▶ _WHAT TO WORK ON_:
Word for word, give the records again, dropping any picture they hold.

Data excerpts:
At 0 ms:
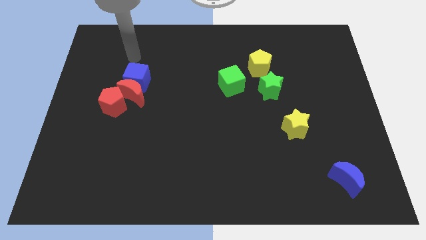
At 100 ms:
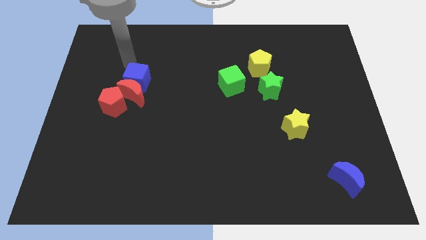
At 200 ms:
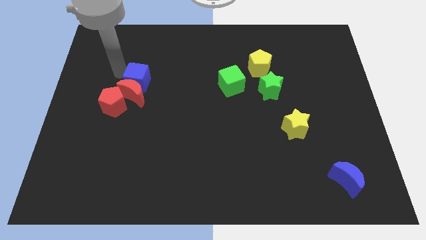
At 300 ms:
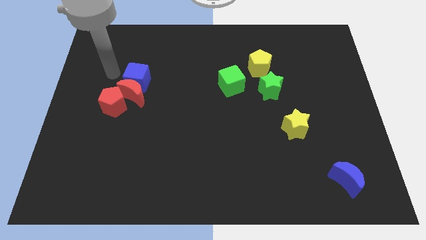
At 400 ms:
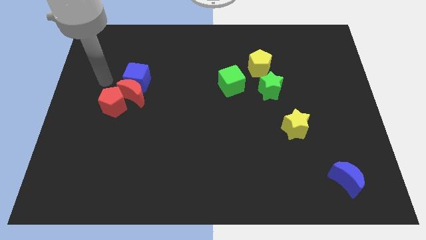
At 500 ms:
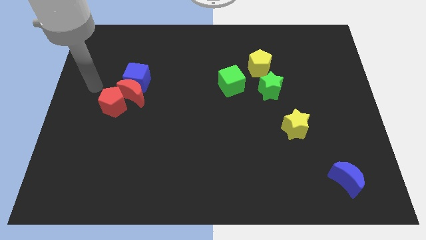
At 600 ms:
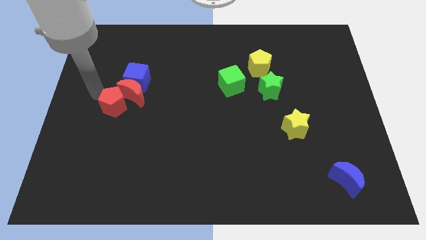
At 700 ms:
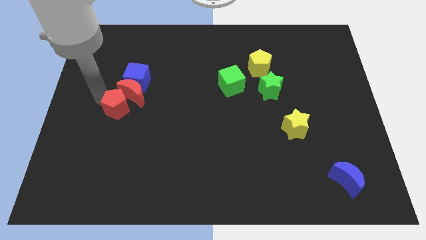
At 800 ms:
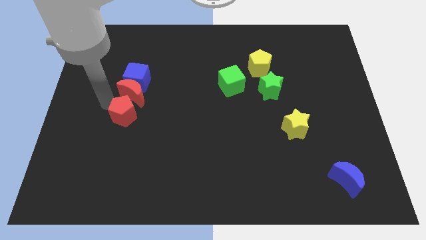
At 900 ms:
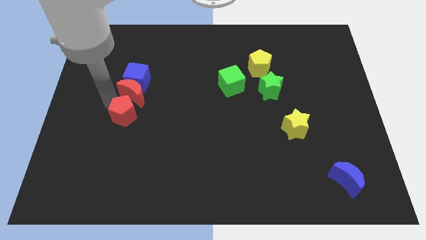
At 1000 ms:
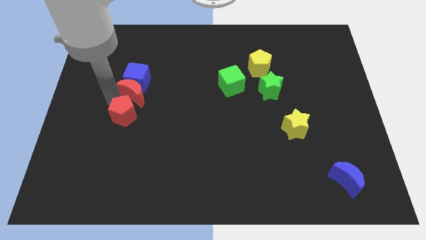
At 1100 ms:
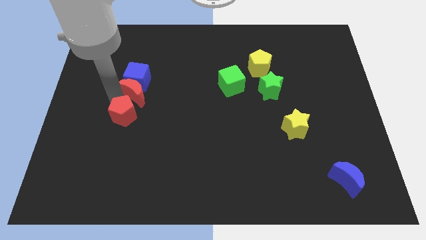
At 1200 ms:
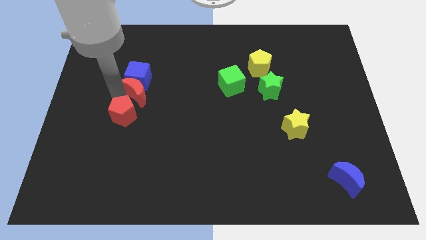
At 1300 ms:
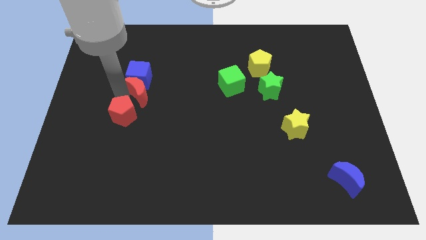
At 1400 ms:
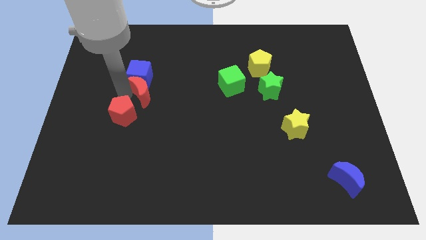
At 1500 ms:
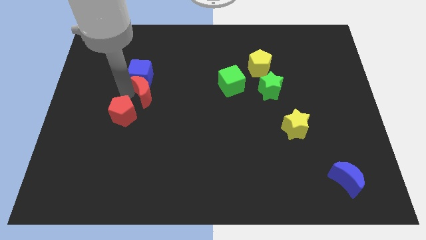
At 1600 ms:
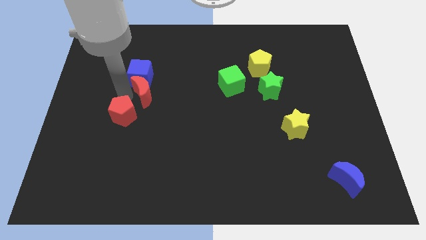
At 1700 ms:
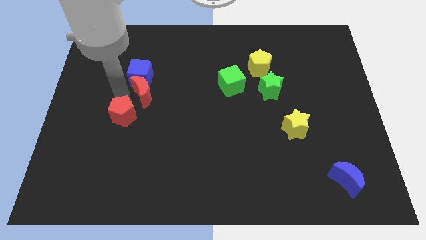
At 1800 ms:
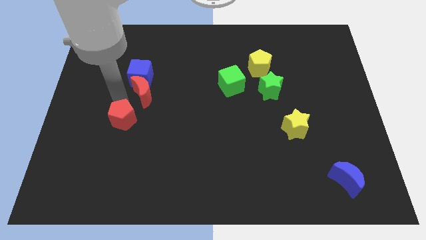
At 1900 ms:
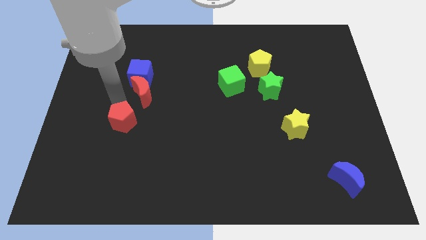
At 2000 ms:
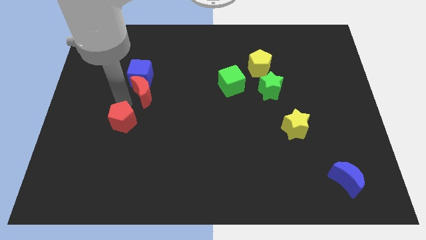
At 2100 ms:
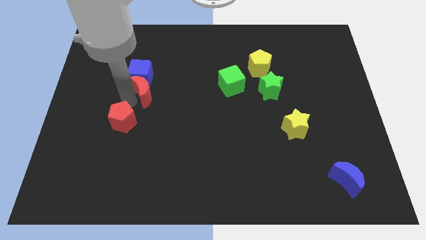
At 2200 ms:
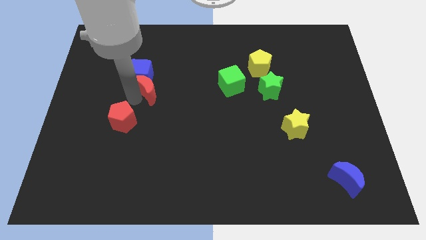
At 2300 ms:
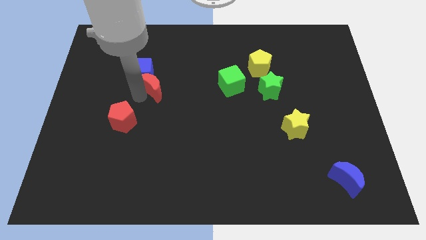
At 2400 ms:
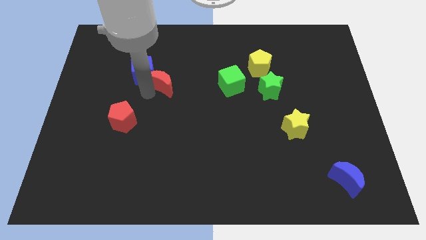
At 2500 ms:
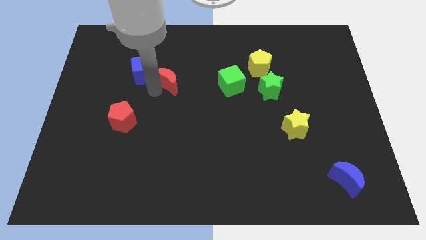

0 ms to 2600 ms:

▶ _ANSWER SPACE_:
At 0 ms:
At 100 ms:
At 200 ms:
At 300 ms:
At 400 ms:
At 500 ms:
At 600 ms:
At 700 ms:
At 800 ms:
At 900 ms:
At 1000 ms:
At 1100 ms:
At 1200 ms:
At 1300 ms:
At 1400 ms:
At 1500 ms:
At 1600 ms:
At 1700 ms:
At 1800 ms:
At 1900 ms:
At 2000 ms:
At 2100 ms:
At 2200 ms:
At 2300 ms:
At 2400 ms:
At 2500 ms:

0 ms to 2600 ms:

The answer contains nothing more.